I know many of you have found out your puppies have health problems like luxating patellas, coccidious, etc. and your breeder hasn't taken any responsibility or offered to help with vet bills, so here is an option for those of you who want to pursue it.


----------



## CathyB (Mar 10, 2007)

I couldn't get the link to work.. Oh, I got the bows today they are beautiful... I especially like the black and white one it is my favorite.. Thank you for your speedy service..


----------



## Ladysmom (Oct 19, 2004)

I'm glad you got the bows!

I guess you have to go back to this thread and click the link I provided. I guess it didn't copy.

http://spoiledmaltese.com/forum/index.php?showtopic=1458


----------



## CathyB (Mar 10, 2007)

I'll keep checking back it will be a great link to bookmark incase someone I know would need it (hopefully not). Thanks for all the great info you have to offer.


----------



## Ladysmom (Oct 19, 2004)

Weren't you able to pull it up from the link to the thread I just posted. I can.


----------



## CathyB (Mar 10, 2007)

YEs that worked







I saved it do I have your permission to pass it on as needed?


----------



## Ladysmom (Oct 19, 2004)

You don't need my permission! It's from the Humane Society.
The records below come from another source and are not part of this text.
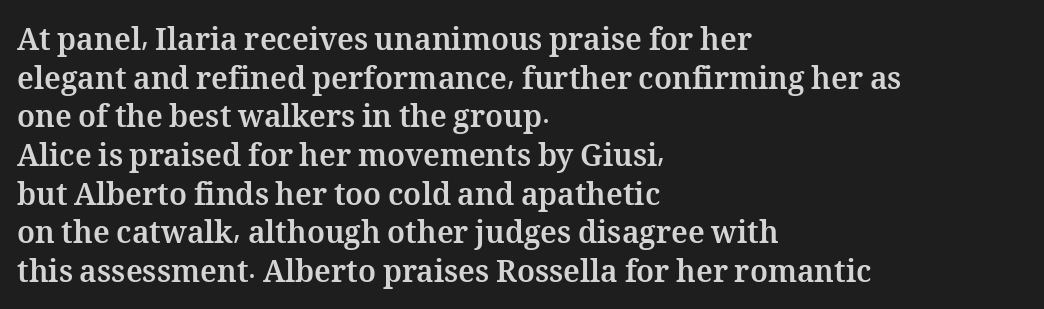
The image shows 30 px bold type, upright; set left-aligned, normal line spacing (1.29x), normal letter spacing, not underlined; medium stroke contrast and a medium x-height.
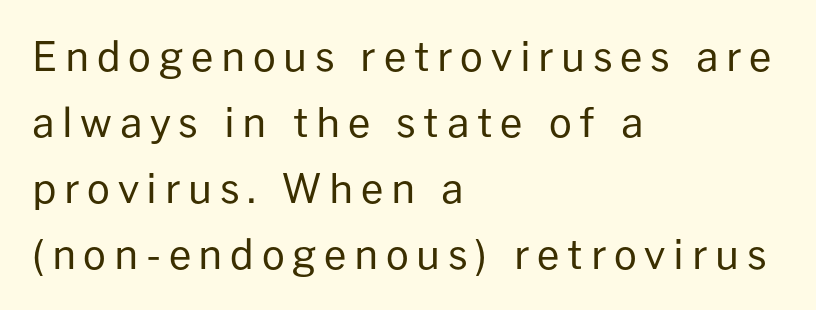
{"serif": "no", "italic": "no", "bold": "no", "weight": "regular", "width": "normal", "stroke_contrast": "low", "x_height": "medium", "monospaced": "no", "underline": "no", "align": "left", "line_spacing": "normal", "line_spacing_ratio": 1.65, "glyph_px": 40}
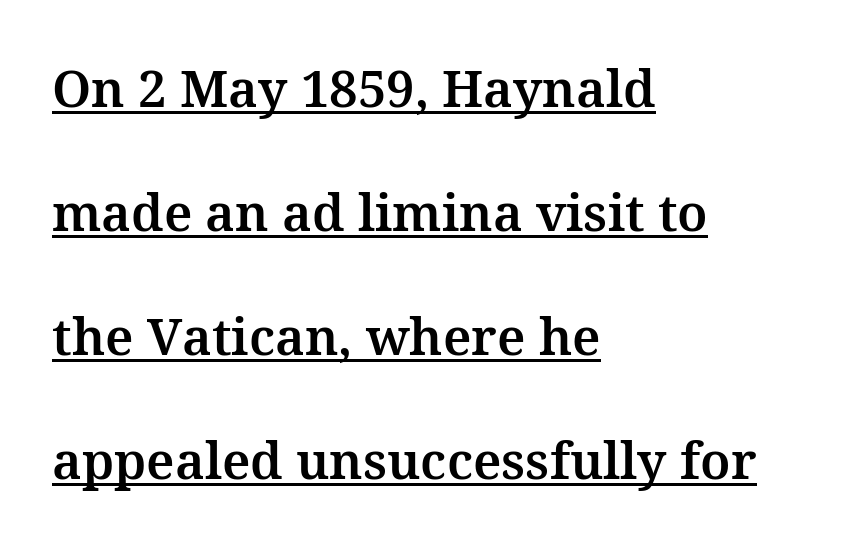
{"serif": "yes", "italic": "no", "width": "normal", "stroke_contrast": "medium", "x_height": "medium", "monospaced": "no", "underline": "yes", "align": "left", "line_spacing": "loose", "line_spacing_ratio": 2.43, "letter_spacing": "normal", "letter_spacing_em": 0.0, "glyph_px": 51}
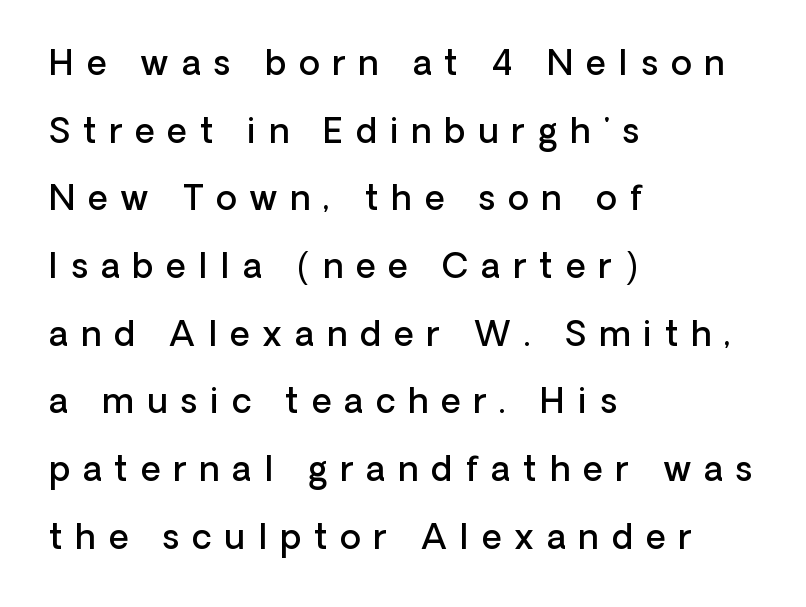
{"serif": "no", "italic": "no", "bold": "semi", "weight": "semibold", "width": "normal", "stroke_contrast": "low", "x_height": "medium", "monospaced": "no", "underline": "no", "align": "left", "line_spacing": "loose", "line_spacing_ratio": 1.99, "letter_spacing": "wide", "letter_spacing_em": 0.38, "glyph_px": 34}
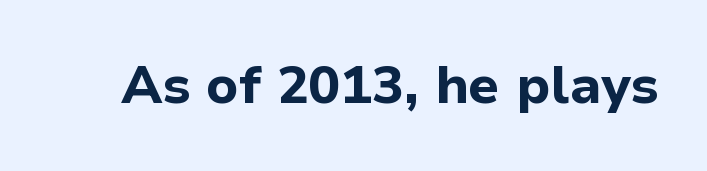
Nobody touched the tracking dial on this one. Character widths vary here, with narrow letters taking less room than wide ones. Heft: maximum for text — a bold. To sum up the face: it is a sans, with no serifs. Unmarked baselines from the first word to the last.
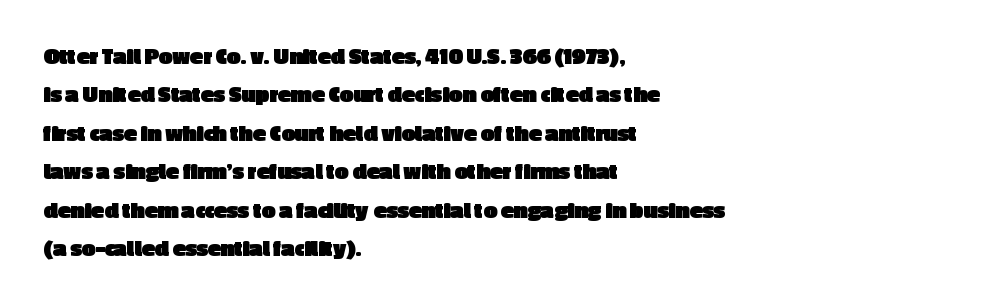
{"italic": "no", "bold": "yes", "underline": "no", "align": "left", "line_spacing": "normal", "line_spacing_ratio": 1.6, "letter_spacing": "normal", "letter_spacing_em": 0.0, "glyph_px": 24}
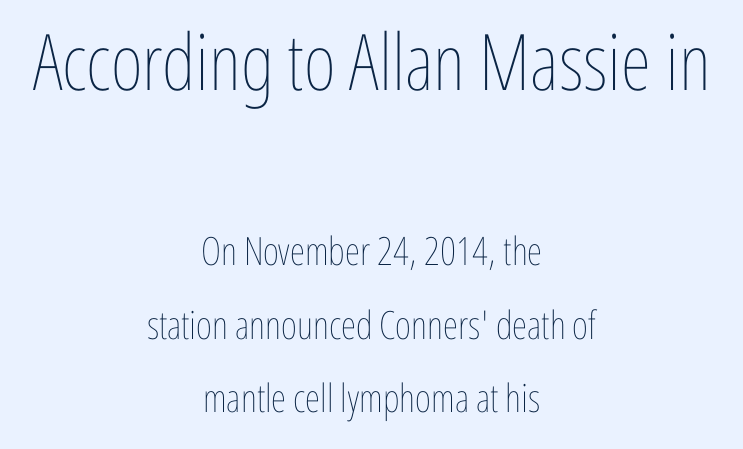
Q: Is the text bold? A: No.
Q: Is the text italic (slanted)? A: No, it is upright.
Q: Is the text underlined? A: No.
Q: How is the paragraph aligned? A: Centered.
Q: Is the spacing between letters normal or unusually wide? A: Normal.
Q: Which block of text is set in a larger size, the first (top) or the second (bottom)? A: The first (top) one.
Q: Width (condensed, normal, or wide)? A: Condensed.
Q: Stroke contrast? A: Low.
Q: x-height? A: Medium.
Q: Monospaced? A: No.
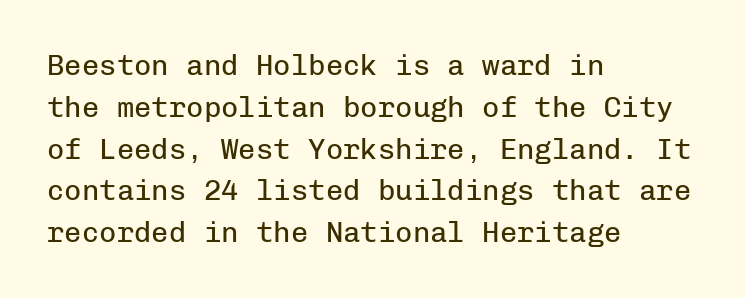
Q: Is the text bold? A: No.
Q: Is the text italic (slanted)? A: No, it is upright.
Q: Is the typeface a serif or a sans-serif typeface? A: Sans-serif.
Q: Is the text underlined? A: No.
Q: How is the paragraph aligned? A: Left-aligned.
Q: Is the spacing between letters normal or unusually wide? A: Normal.
Q: Is the spacing between lines tight, normal or loose? A: Normal.
Q: Width (condensed, normal, or wide)? A: Normal.
Q: Stroke contrast? A: Low.
Q: x-height? A: Medium.
Q: Monospaced? A: Yes.
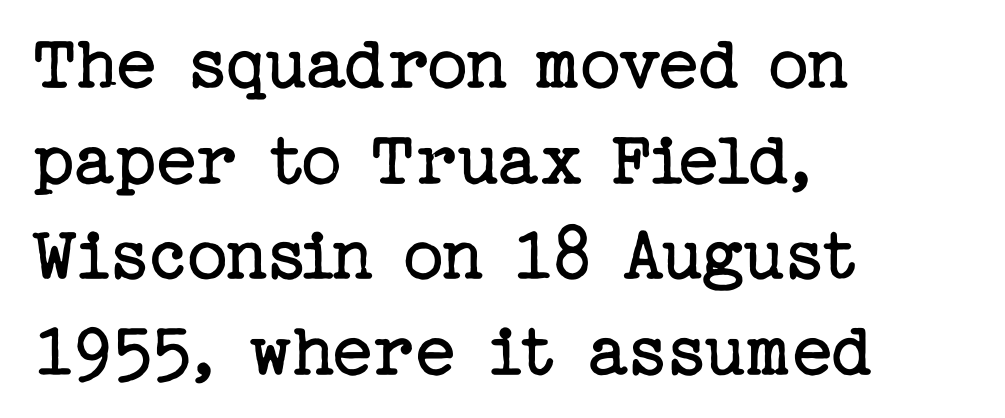
Q: Is the text bold? A: No.
Q: Is the text italic (slanted)? A: No, it is upright.
Q: Is the typeface a serif or a sans-serif typeface? A: Serif.
Q: Is the text underlined? A: No.
Q: How is the paragraph aligned? A: Left-aligned.
Q: Is the spacing between letters normal or unusually wide? A: Normal.
Q: Width (condensed, normal, or wide)? A: Normal.
Q: Stroke contrast? A: Low.
Q: x-height? A: Medium.
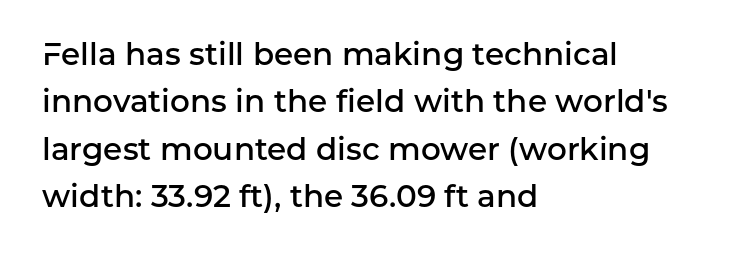
{"serif": "no", "italic": "no", "bold": "semi", "weight": "semibold", "width": "normal", "stroke_contrast": "low", "x_height": "medium", "monospaced": "no", "underline": "no", "align": "left", "line_spacing": "normal", "line_spacing_ratio": 1.53, "letter_spacing": "normal", "letter_spacing_em": 0.0, "glyph_px": 31}
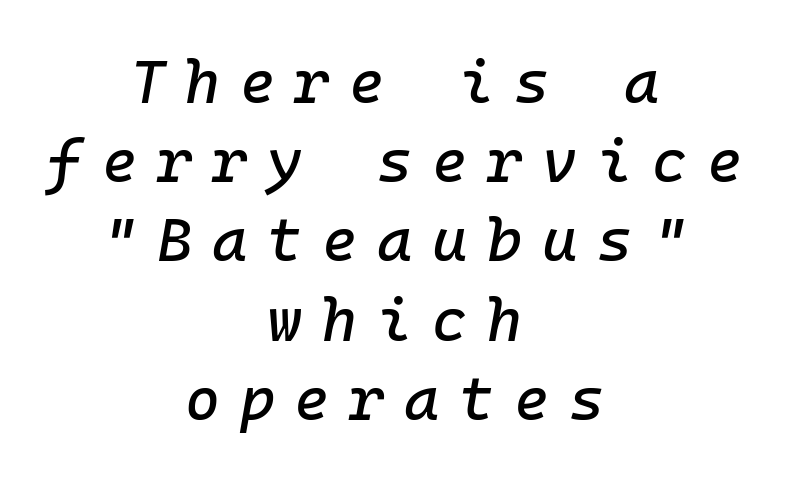
{"italic": "yes", "lean": "right", "slant_degrees": 10, "width": "normal", "stroke_contrast": "low", "x_height": "medium", "monospaced": "yes", "underline": "no", "align": "center", "line_spacing": "normal", "line_spacing_ratio": 1.32, "letter_spacing": "wide", "letter_spacing_em": 0.33, "glyph_px": 60}
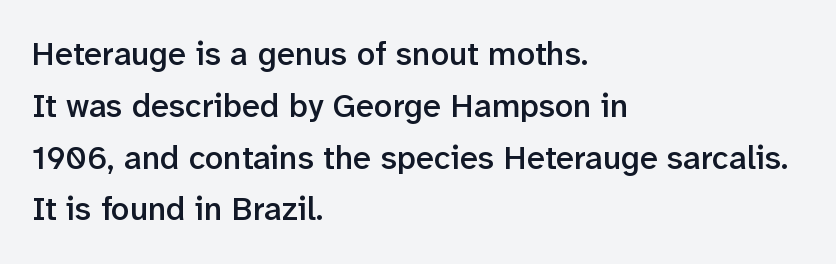
Q: Is the text bold? A: Semi-bold.
Q: Is the text italic (slanted)? A: No, it is upright.
Q: Is the typeface a serif or a sans-serif typeface? A: Sans-serif.
Q: Is the text underlined? A: No.
Q: How is the paragraph aligned? A: Left-aligned.
Q: Is the spacing between letters normal or unusually wide? A: Normal.
Q: Is the spacing between lines tight, normal or loose? A: Normal.
Q: Width (condensed, normal, or wide)? A: Normal.
Q: Stroke contrast? A: Low.
Q: x-height? A: Medium.
Q: Monospaced? A: No.
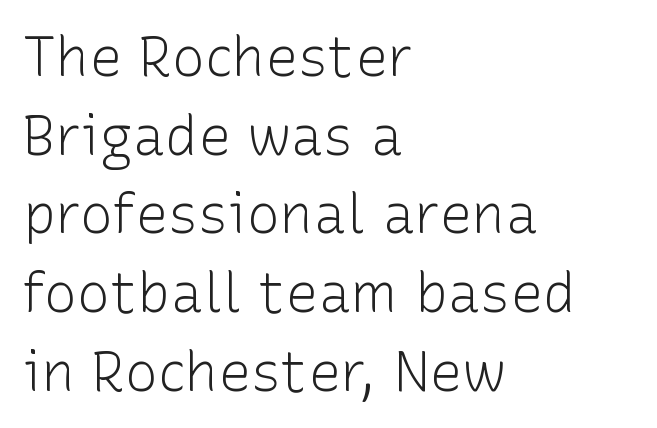
{"serif": "no", "italic": "no", "bold": "no", "weight": "light", "width": "normal", "stroke_contrast": "low", "x_height": "medium", "monospaced": "no", "underline": "no", "align": "left", "line_spacing": "normal", "line_spacing_ratio": 1.43, "letter_spacing": "normal", "letter_spacing_em": 0.0, "glyph_px": 55}
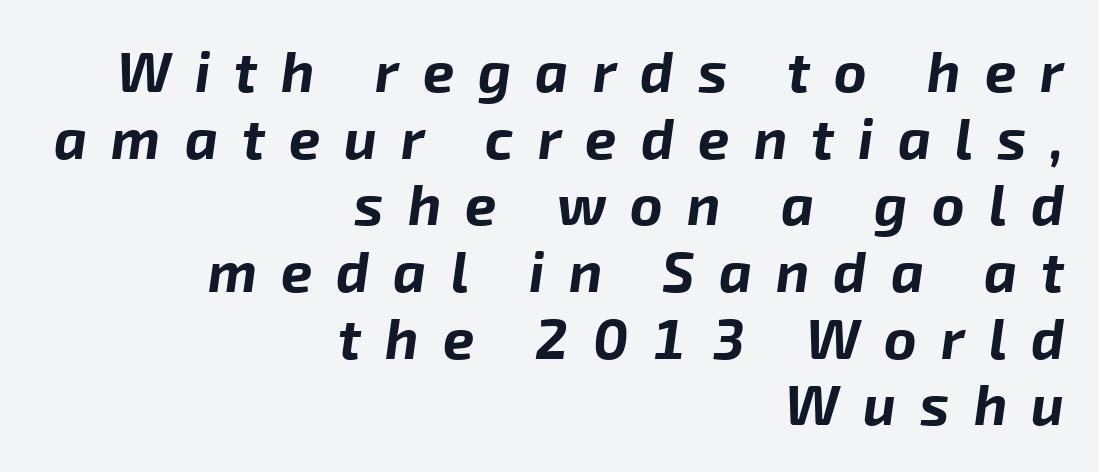
{"italic": "yes", "lean": "right", "slant_degrees": 8, "bold": "yes", "weight": "bold", "width": "normal", "stroke_contrast": "low", "x_height": "medium", "monospaced": "no", "underline": "no", "align": "right", "line_spacing_ratio": 1.19, "letter_spacing": "wide", "letter_spacing_em": 0.43, "glyph_px": 56}
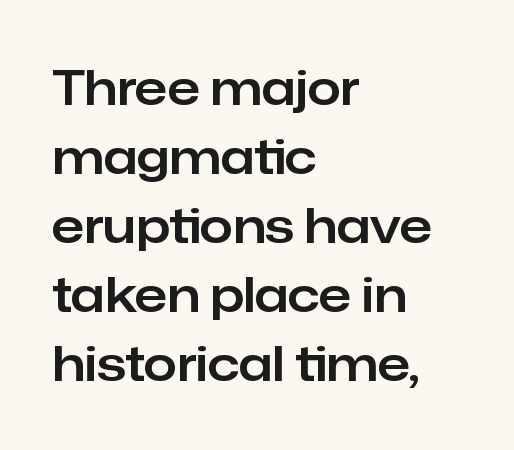
Q: Is the text italic (slanted)? A: No, it is upright.
Q: Is the typeface a serif or a sans-serif typeface? A: Sans-serif.
Q: Is the text underlined? A: No.
Q: How is the paragraph aligned? A: Left-aligned.
Q: Is the spacing between letters normal or unusually wide? A: Normal.
Q: Is the spacing between lines tight, normal or loose? A: Normal.
Q: Width (condensed, normal, or wide)? A: Normal.
Q: Stroke contrast? A: Low.
Q: x-height? A: Medium.
Q: Monospaced? A: No.
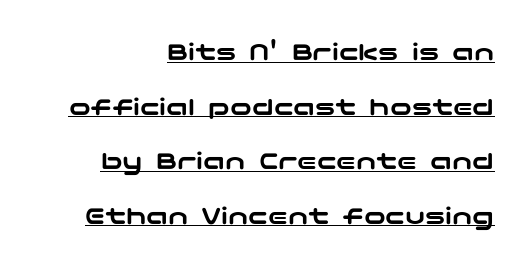
Every row of glyphs terminates at an identical x-position on the right. These lines were composed using upright roman letters. Reading down the column, the eye jumps a long way to each next line. The typesetter has applied underlining to the passage shown.

Yes, pass it on as needed.


----------



## Lilly521 (May 29, 2004)

I posted on that old board you made,







....actually got about halfway threw typing the same story again on this board before I went and checked. That whole thing still irks me, all of the sites for that particular breeder are still up, link is even on the breeders section on this site, so I guess it wasn't a total scam. Still seems wrong to me though, asking for that type of money sight unseen sent threw the mail.


----------